**The problem**
Gather each line containing the string "below" from these entries.

**Source data**
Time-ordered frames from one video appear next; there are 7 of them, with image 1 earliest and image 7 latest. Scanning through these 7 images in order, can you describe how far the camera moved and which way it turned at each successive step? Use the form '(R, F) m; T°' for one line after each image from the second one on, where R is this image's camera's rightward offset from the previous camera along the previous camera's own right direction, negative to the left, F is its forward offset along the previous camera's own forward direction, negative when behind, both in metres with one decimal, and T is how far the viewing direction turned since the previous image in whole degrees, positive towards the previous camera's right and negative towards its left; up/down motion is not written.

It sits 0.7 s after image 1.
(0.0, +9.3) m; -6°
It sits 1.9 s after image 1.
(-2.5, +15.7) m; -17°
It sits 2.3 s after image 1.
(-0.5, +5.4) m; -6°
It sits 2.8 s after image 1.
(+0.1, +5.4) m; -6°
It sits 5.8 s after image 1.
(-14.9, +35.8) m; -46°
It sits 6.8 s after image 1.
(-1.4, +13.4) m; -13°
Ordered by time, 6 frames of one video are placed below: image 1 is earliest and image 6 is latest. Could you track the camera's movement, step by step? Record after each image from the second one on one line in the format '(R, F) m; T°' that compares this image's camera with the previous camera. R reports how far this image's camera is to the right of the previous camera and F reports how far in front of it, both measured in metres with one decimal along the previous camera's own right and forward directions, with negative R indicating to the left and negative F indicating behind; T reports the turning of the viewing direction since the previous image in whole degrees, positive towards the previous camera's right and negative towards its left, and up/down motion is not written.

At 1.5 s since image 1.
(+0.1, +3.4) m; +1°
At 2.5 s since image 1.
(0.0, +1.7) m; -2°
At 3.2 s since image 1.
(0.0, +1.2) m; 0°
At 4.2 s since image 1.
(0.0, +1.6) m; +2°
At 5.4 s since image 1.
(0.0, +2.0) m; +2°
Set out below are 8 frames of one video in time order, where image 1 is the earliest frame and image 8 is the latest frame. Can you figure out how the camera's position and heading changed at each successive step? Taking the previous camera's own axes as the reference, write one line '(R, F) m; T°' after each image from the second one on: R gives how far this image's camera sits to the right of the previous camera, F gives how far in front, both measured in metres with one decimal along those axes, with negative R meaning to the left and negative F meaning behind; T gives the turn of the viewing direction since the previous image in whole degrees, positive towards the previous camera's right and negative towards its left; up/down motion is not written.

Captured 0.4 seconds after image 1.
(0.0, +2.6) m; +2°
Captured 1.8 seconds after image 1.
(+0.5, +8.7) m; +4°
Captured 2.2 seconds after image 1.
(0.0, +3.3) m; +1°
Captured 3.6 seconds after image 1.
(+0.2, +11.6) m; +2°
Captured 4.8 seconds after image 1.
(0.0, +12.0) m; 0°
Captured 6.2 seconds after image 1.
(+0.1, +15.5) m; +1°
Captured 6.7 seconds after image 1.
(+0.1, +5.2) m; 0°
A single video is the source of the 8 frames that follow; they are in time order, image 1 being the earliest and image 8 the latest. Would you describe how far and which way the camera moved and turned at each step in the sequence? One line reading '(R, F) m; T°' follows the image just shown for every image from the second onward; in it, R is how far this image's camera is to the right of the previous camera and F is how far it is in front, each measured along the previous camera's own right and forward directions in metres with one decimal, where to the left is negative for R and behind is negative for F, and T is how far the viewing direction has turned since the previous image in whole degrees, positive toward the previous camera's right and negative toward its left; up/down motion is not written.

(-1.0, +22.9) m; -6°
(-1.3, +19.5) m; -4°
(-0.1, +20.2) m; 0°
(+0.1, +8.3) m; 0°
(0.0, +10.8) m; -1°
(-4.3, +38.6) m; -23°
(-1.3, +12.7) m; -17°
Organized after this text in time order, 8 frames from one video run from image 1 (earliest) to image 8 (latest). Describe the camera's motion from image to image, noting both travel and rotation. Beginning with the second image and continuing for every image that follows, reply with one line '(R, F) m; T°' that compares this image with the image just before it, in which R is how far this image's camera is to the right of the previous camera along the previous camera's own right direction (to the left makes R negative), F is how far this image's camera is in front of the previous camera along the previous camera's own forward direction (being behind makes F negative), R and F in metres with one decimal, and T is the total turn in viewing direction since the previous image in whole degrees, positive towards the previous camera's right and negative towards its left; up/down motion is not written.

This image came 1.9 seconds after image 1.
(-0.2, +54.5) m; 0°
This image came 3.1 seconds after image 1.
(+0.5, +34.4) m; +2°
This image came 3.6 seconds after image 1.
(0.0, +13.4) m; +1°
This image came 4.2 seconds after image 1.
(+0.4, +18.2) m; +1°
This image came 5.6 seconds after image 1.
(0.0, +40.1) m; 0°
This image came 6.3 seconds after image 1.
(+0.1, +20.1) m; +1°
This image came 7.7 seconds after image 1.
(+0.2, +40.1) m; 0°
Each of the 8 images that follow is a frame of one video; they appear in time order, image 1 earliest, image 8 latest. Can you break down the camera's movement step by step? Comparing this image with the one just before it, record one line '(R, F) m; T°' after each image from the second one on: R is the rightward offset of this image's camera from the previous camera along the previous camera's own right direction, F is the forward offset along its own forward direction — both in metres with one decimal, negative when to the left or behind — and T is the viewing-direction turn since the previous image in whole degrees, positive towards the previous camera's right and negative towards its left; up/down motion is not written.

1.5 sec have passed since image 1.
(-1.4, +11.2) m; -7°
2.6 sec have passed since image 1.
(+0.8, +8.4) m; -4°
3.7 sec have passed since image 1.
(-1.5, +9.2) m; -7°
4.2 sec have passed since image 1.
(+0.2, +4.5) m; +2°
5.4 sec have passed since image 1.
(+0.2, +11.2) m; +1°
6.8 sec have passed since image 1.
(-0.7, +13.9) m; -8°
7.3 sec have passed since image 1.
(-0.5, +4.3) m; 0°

**Answer to the exercise**
Ordered by time, 6 frames of one video are placed below: image 1 is earliest and image 6 is latest. Could you track the camera's movement, step by step? Record after each image from the second one on one line in the format '(R, F) m; T°' that compares this image's camera with the previous camera. R reports how far this image's camera is to the right of the previous camera and F reports how far in front of it, both measured in metres with one decimal along the previous camera's own right and forward directions, with negative R indicating to the left and negative F indicating behind; T reports the turning of the viewing direction since the previous image in whole degrees, positive towards the previous camera's right and negative towards its left, and up/down motion is not written.
Set out below are 8 frames of one video in time order, where image 1 is the earliest frame and image 8 is the latest frame. Can you figure out how the camera's position and heading changed at each successive step? Taking the previous camera's own axes as the reference, write one line '(R, F) m; T°' after each image from the second one on: R gives how far this image's camera sits to the right of the previous camera, F gives how far in front, both measured in metres with one decimal along those axes, with negative R meaning to the left and negative F meaning behind; T gives the turn of the viewing direction since the previous image in whole degrees, positive towards the previous camera's right and negative towards its left; up/down motion is not written.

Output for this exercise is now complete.